What is needed is an exact copy of the lines from the one containing "Vraag: Onder welk" through the last line of the records, with no pictures.

[[ Input material open ]]

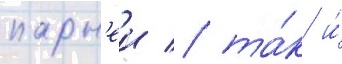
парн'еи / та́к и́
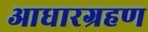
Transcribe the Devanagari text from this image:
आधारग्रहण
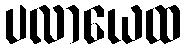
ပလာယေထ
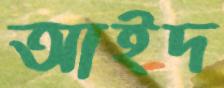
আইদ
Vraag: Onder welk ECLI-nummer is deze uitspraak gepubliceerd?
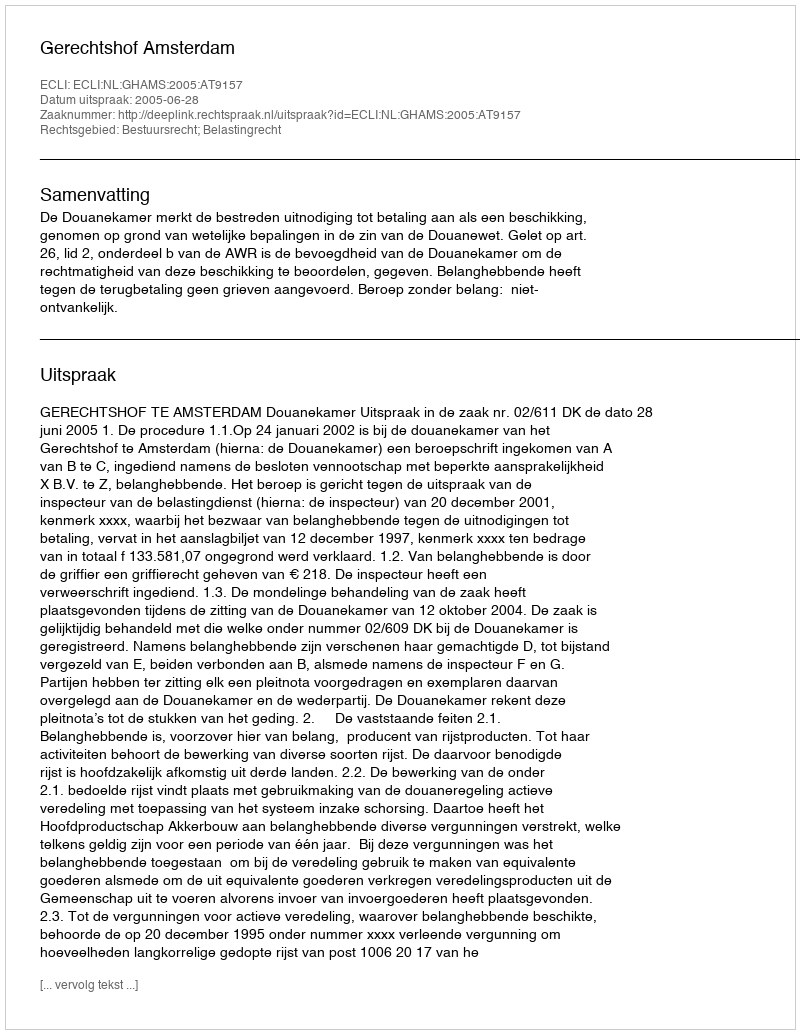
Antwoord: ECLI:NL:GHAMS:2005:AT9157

[[ Input material closed ]]

*Response area:*
Vraag: Onder welk ECLI-nummer is deze uitspraak gepubliceerd?
Antwoord: ECLI:NL:GHAMS:2005:AT9157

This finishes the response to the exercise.